I think my problem is limited understanding of various probability based modelling techniques. If my statement of my problem needs any clarification, or any section needs more detail, I'm happy to add it. Any help would be much appreciated. Cheers!

UPDATE: Sorry guys—these are buses that take employees to work and the other way around. So these buses have the liberty to avoid a stop if there are no passengers; the buses can even avoid the last two stops, for example, when taking the passengers from work to home, they usually go back to a different place to pick people from. I have GPS data from which I can check if a bus reached a stop, and there's also data for route configuration. In each route there is data about if a stop is mandatory as well. With this data in hand I'd like to predict if a bus will reach a certain stop. Please let me know if you require further information. Thanks!

I find quite confusing the link between "reach a certain point" and "avoid that stop" and "missed a stop or not". I don't think the problem is statistical jargon, could you maybe re-word the problem more precisely about what in the real world it is about? — Peter Ellis, Jan 08 '14 at 07:12
Agree with Peter Ellis. Describe what the bus does and what is in the data and how the two are related. For example, why would a bus avoid a stop? Isn't the last stop on a bus route normally also the first stop on the route going in the other direction? Bus routes are usually circles, conceptually, even if we draw them as lines. So wouldn't the bus have to go to the last/first stop even if the bus was empty in order to see if anyone wants to get on there? — Bill, Jan 08 '14 at 20:06
I've tried expanding the original question guys - but I do agree that I'm finding it hard to formulate my problem definition, but I'm willing to expand on any areas if you require further information. thanks again! — opensourcegeek, Jan 08 '14 at 20:45
OK, Alex Williams answer is good if you want a relatively simple method. If you want a more complex method (which might give you more accurate predictions), then you want a Hidden Markov Model where the hidden state variable is the number of guys on the bus at any given time. — Bill, Jan 09 '14 at 19:38

score 8 · Accepted Answer · edited Apr 13 '17 at 12:44

It seems like simple logistic regression would work well. Hopefully this matches well to the data you have. I've tried to lay off jargon as much as possible.

Let's confine our analysis to a single bus route for simplicity (you can simply repeat this procedure for other routes). The dependent/predicted variable you are trying to measure is a binary variable $y$; that is, $y=0$ if the bus misses the stop, and $y=1$ if the bus makes the stop.

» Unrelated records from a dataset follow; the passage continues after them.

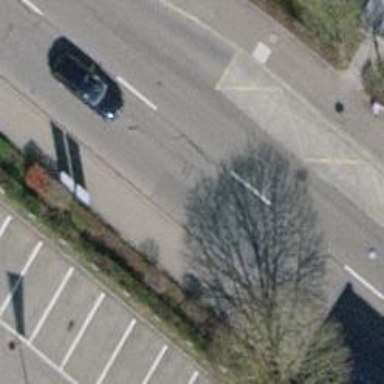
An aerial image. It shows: Bus stop for trolleybuses with designated stop position for public transport.
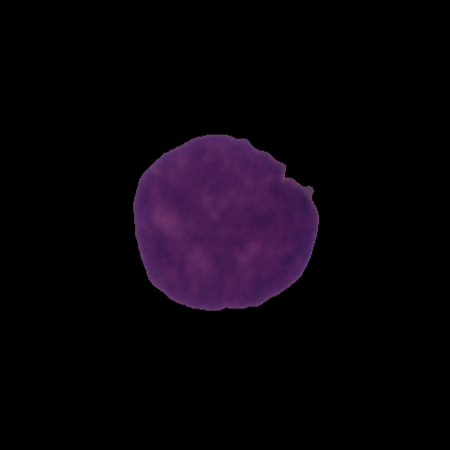
Label: cancer
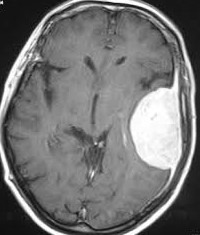
Label: meningioma
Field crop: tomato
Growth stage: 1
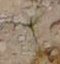
Species: cyperus
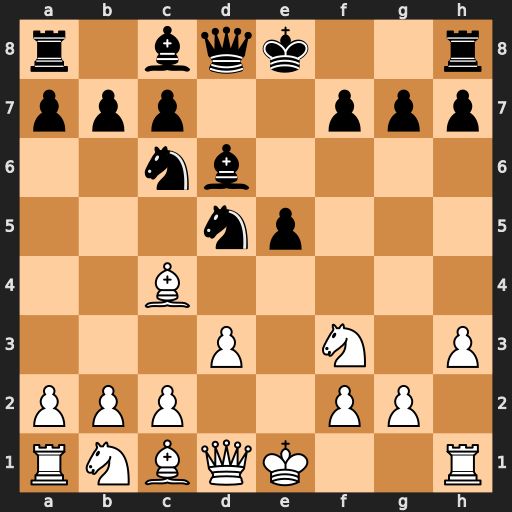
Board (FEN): r1bqk2r/ppp2ppp/2nb4/3np3/2B5/3P1N1P/PPP2PP1/RNBQK2R
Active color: w
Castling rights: KQkq
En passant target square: -
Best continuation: Bxd5 Bb4+ c3 Qxd5 cxb4
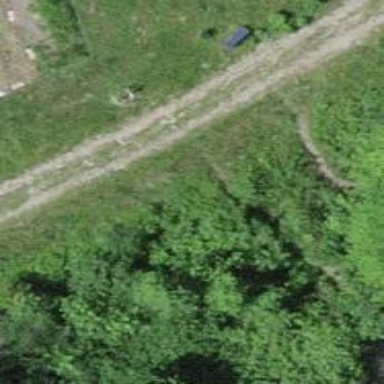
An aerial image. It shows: Path with ground surface that is overgrown.
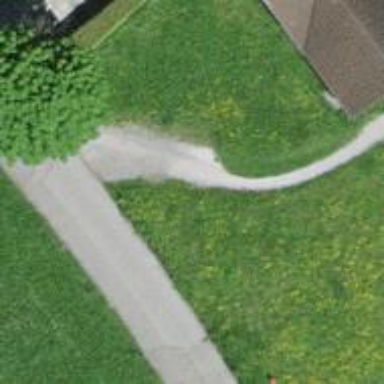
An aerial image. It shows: Unpaved footway.
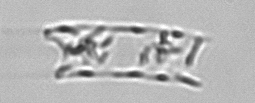
Label: Eucampia
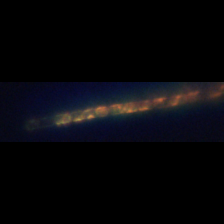
Taxon: Leptocylindrus
Group: Diatoms
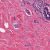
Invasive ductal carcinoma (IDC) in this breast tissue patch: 0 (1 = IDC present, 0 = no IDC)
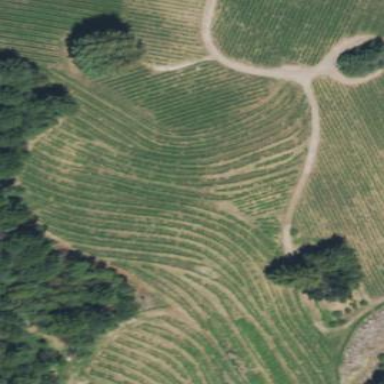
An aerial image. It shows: Vineyard where grapes are grown.
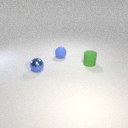
small blue metal sphere in front of small blue rubber sphere
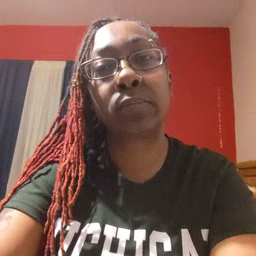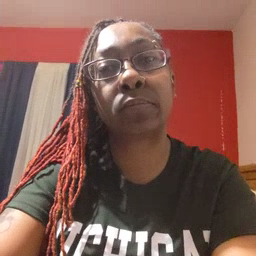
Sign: hungry
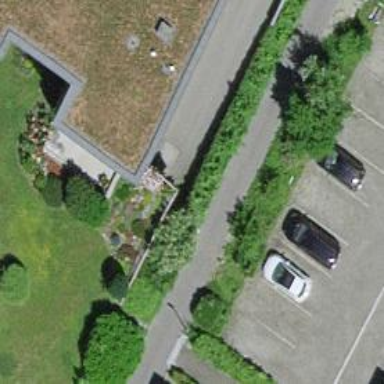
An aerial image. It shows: Parking entrance.
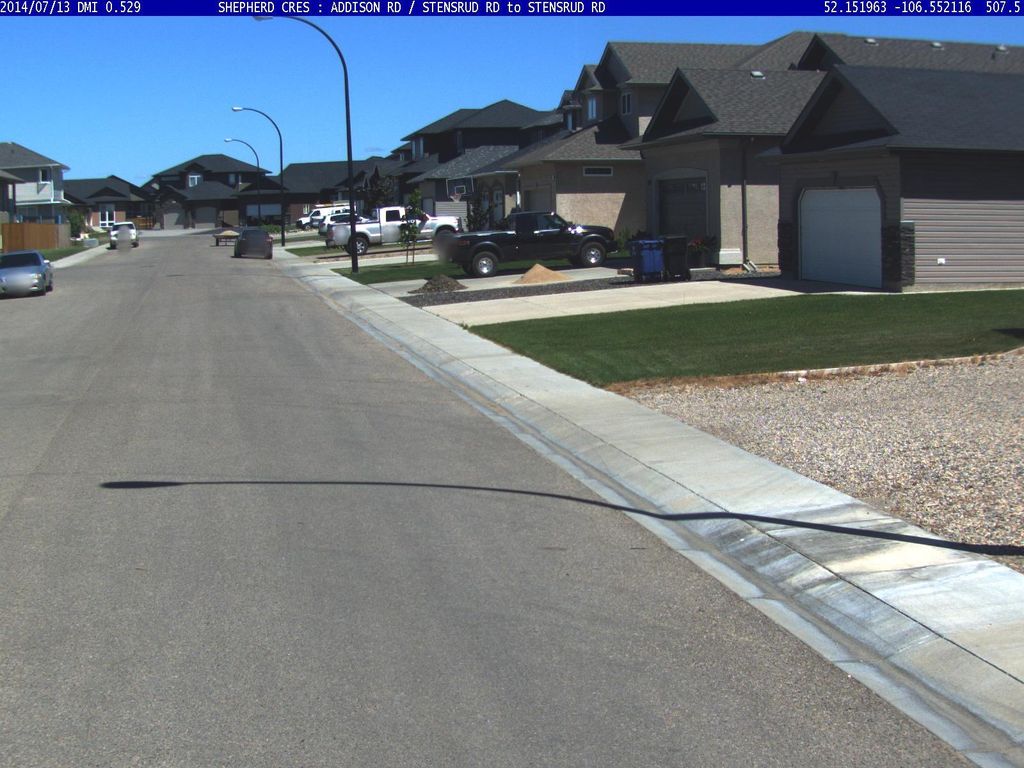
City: saskatoon
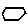
Label: hexagon
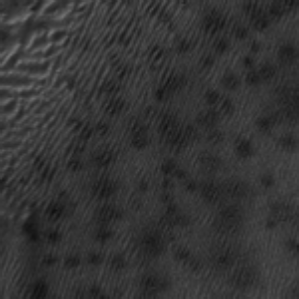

From your GPS data you can extract the value of $y$ for a bunch of previous bus runs. Let's say you have $N$ observations in this data. This is best conceptualized as a vector/list, $y= \{ y_1, y_2, ... ,y_N\} $. For example, $y= \{ 0,1,0,0,1\}$ would correspond to miss, stop, miss, miss, stop, for five observations.

Now you want to develop a series of predictor/independent variables that you can use to predict $y$ for future observations. AccidentalStatistician has mentioned a few possibilities. Here are a few simple ones:

Whether the bus stopped or missed the previous bus stop (call this variable $x_1$). This is also a binary variable. This could potentially be very informative, for example $x_1 = \{ 0,1,0,0,1\}$, would give evidence that $y=x_1$. Of course, there is no reason to just check the previous bus stop. To be complete, you could try using ALL previous bus stops on the line as predictor variables. Each will be a binary vector like $x_1$ above.
The distance between the bus and the bus in front of it (call this $x_2$). In contrast to $x_1$, this variable is continuous, and could look something like $x_2 = \{0.53,0.9,0.72,0.81,0.62 \}$ where each entry corresponds the distance (e.g., in miles) between the two buses at the time of the stop (or averaged over some period before the stop). It might be more informative to measure this distance in minutes than miles.
Time of day. $x_3 = \{8.5,9.2,10.1,11.2,14.9\}$ in hours.
Day of year... You get the recipe by now hopefully. Feel free to come up with more ideas.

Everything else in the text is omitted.